Dubbed by many as the “Great Bargain,” the legislation has been in the making for three years before being unveiled last month.
“He’s been working on that (Public Lands Initiative) for more than three years,” Stewart said. “They (Bishop and congressional team) did a really good job of bringing together the various groups, some of them who opposed one another had very different views on what they hoped the outcome would be,” Stewart said. “Rob did a terrific job of bringing them together and really coming to an area of compromise.”
In the proposed legislation, Bishop proposes splitting 1.4 million acres of the Bears Ears region in two that would be managed as separate national conservation areas. The southern portion would be set aside for traditional Native American uses while the northern section would recognize existing outdoor recreation uses such as rock climbing in the Indian Creek corridor.
The bill is slated to be the subject of a formal hearing this month by the committee Bishop heads, the House Committee on Natural Resources. The committee is also planning a markup session on the bill in September where congressional members debate, amend, and rewrite proposed legislation.
In 2012, the Utah Legislature passed and Gov. Gary Herbert signed into law the Transfer of Public Lands Act, House Bill 148 in that session. The law demands the federal government relinquish the public lands to state ownership. Similar legislation has been passed in neighboring states of Arizona and Nevada. It failed in Colorado.
Since then, Utah has discussed suing the federal government to force its hand to make the transfer and has set aside $4.5 million earmarked for that purpose.
In regards to the state’s action, Stewart said he is in favor of anything Utah can do to realize this objective. He added that he and his fellow colleagues in Washington largely leave the handling of this lawsuit to state leadership.
“It’s their (state leadership) decision,” Stewart said. “We don’t step into that conversation much because it’s a state decision and we trust them. But we think they should pursue that avenue as we pursue legislation from the federal side. I think both are probably necessary.”
Meanwhile, Stewart works from the nation’s capital to find ways through legislation to cede ownership of federal lands to the states. The recent formation of the Federal Lands Action Group is one of Stewart’s many efforts in this regard.

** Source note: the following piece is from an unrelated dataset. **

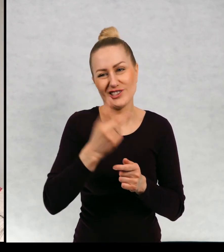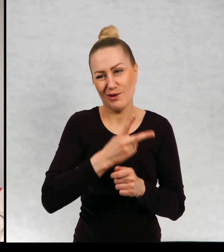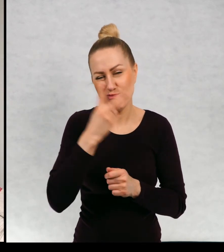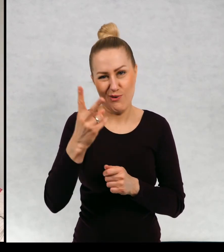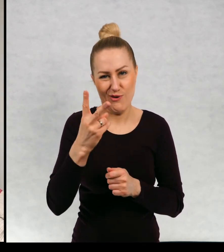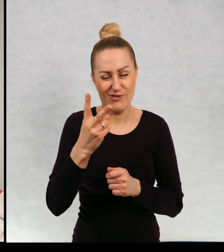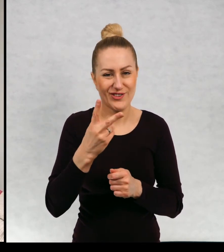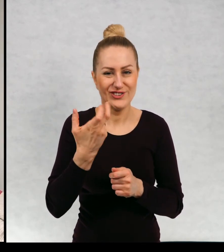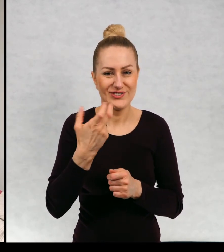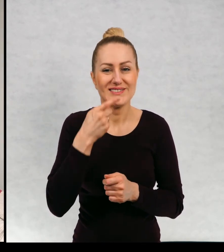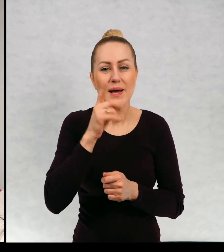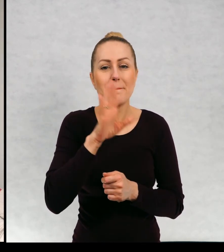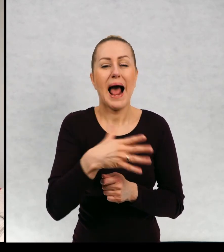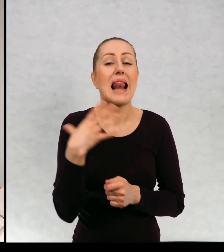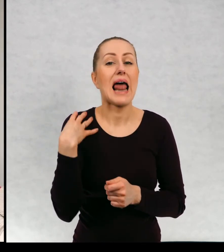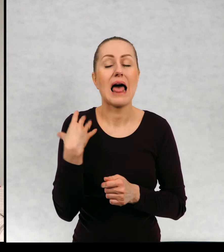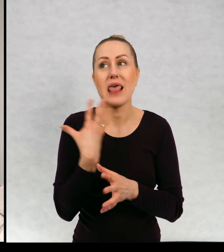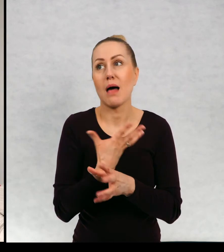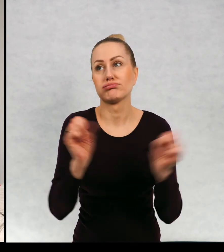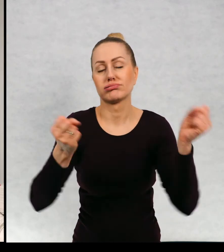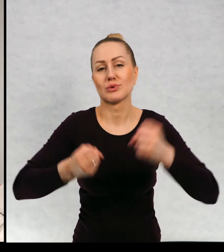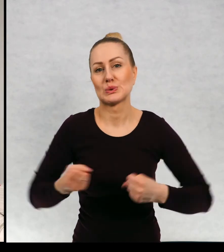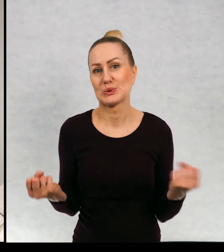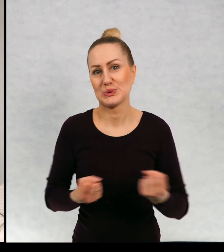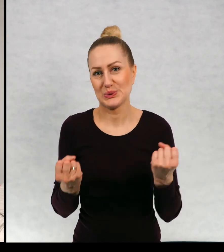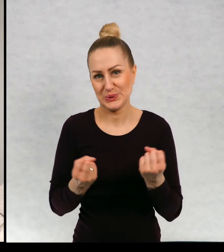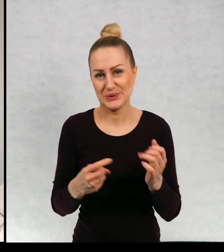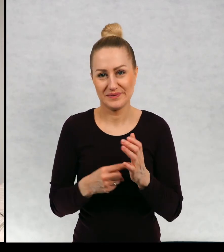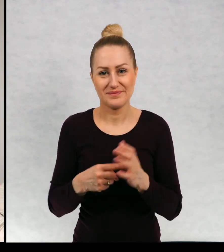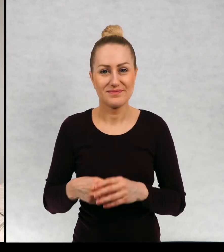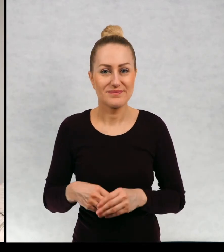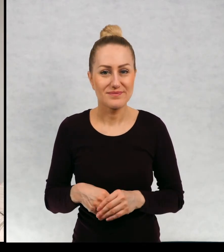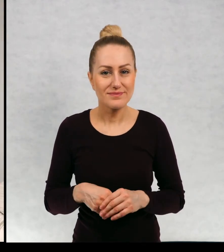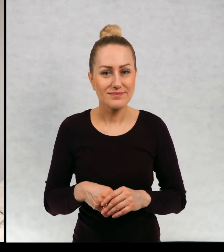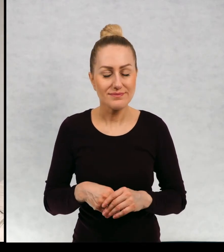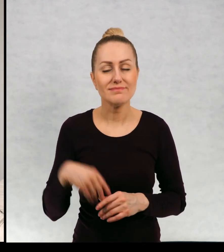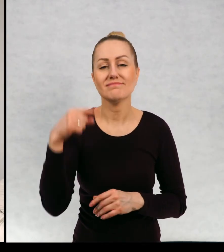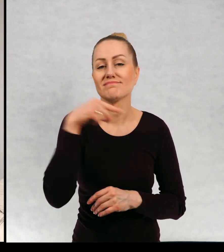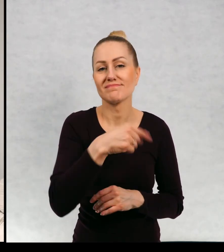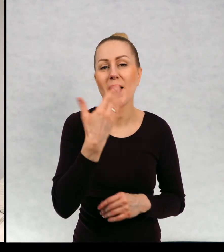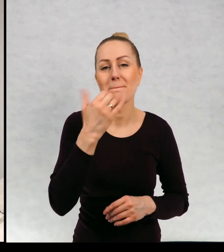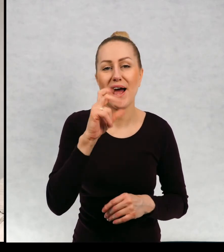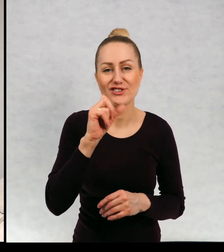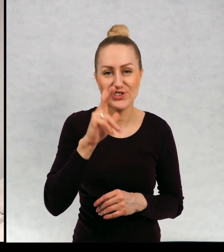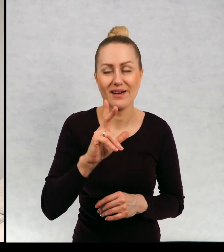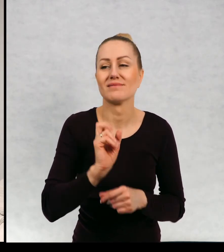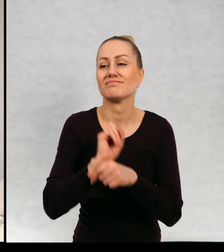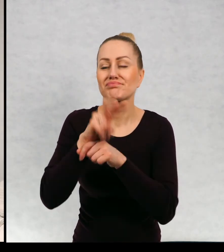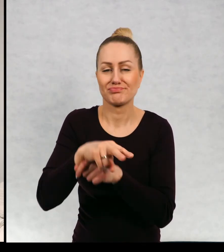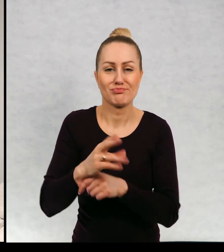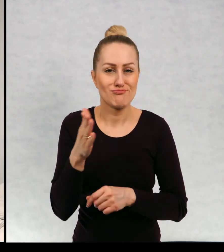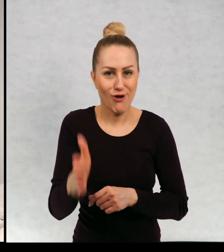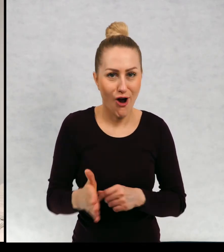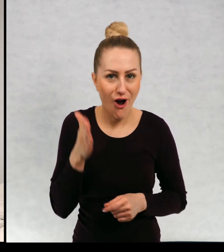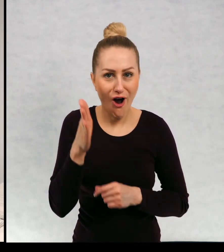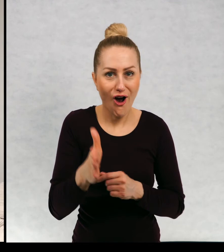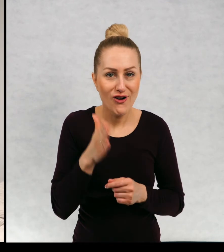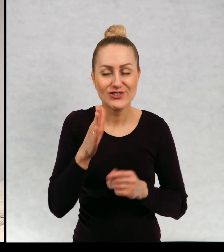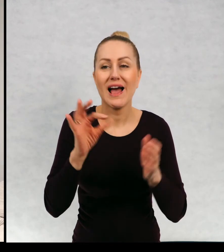w każdym razie kończy bardzo dużo lat i Maciej wsiada do pociągu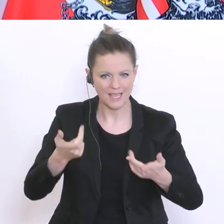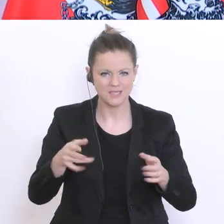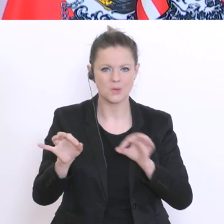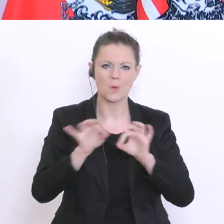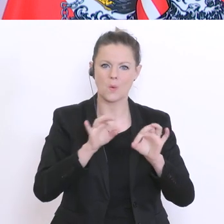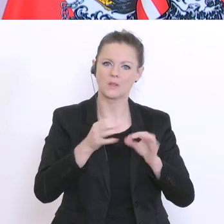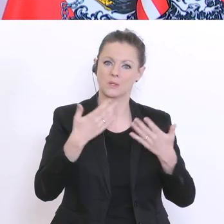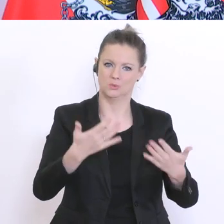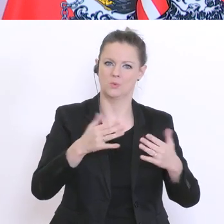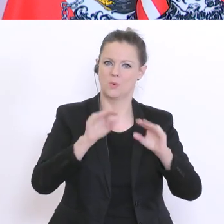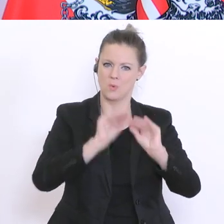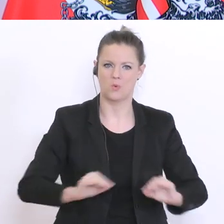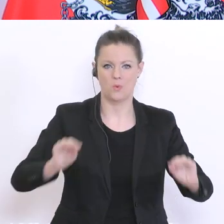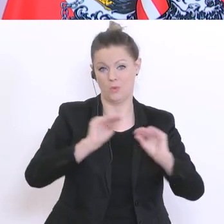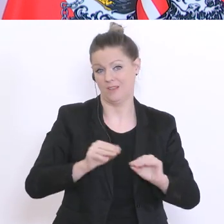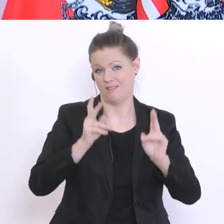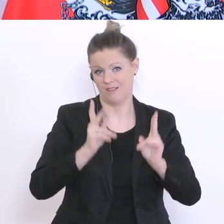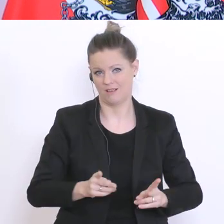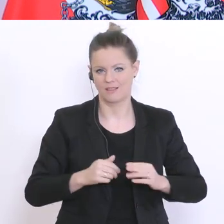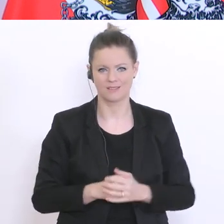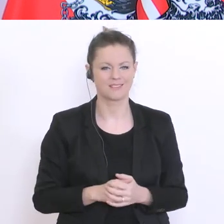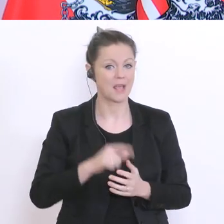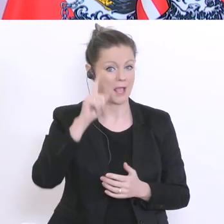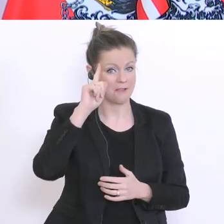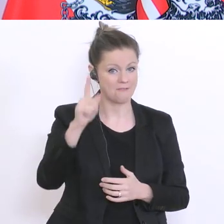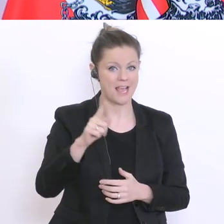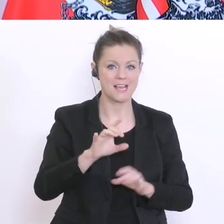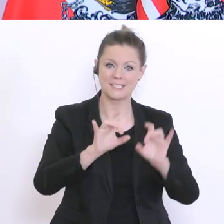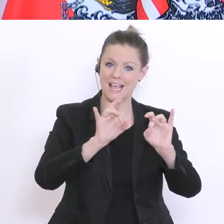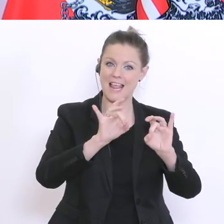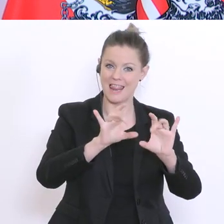auf die Beine zu stellen. Ich weiß, dass die jungen Lehrer hier sehr EDV-affin sind und

Stewart and Bishop launched the Group last April to develop a legislative framework to build on the work started by Utah, according to information on the Group’s website .
“The federal government has been a lousy landlord for western states and we simply think the states can do it better,” Stewart said. “If we want healthier forests, better access to public lands, more consistent funding for public education and more reliable energy development, it makes sense to have local control.”
“This group will explore legal and historical background in order to determine the best congressional action needed to return these lands to the rightful owners. We have assembled a strong team of lawmakers, and I look forward to formulating a plan that reminds the federal government it should leave the job of land management to those who know best.”
According to a press release issued last April from Bishop’s office, the group was created to cede ownership of federal lands to the state.
“This group will explore legal and historical background in order to determine the best congressional action needed to return these lands back to the rightful owners,” Bishop said in the release.
Opponents to the transfer argue the action would result in public lands being sold off to the highest bidder and put some of the nation’s most iconic and scenic landscapes at risk of being lost forever. They also dispute the idea that public access would be increased arguing that as more lands are privatized, the public would be cut off from these areas.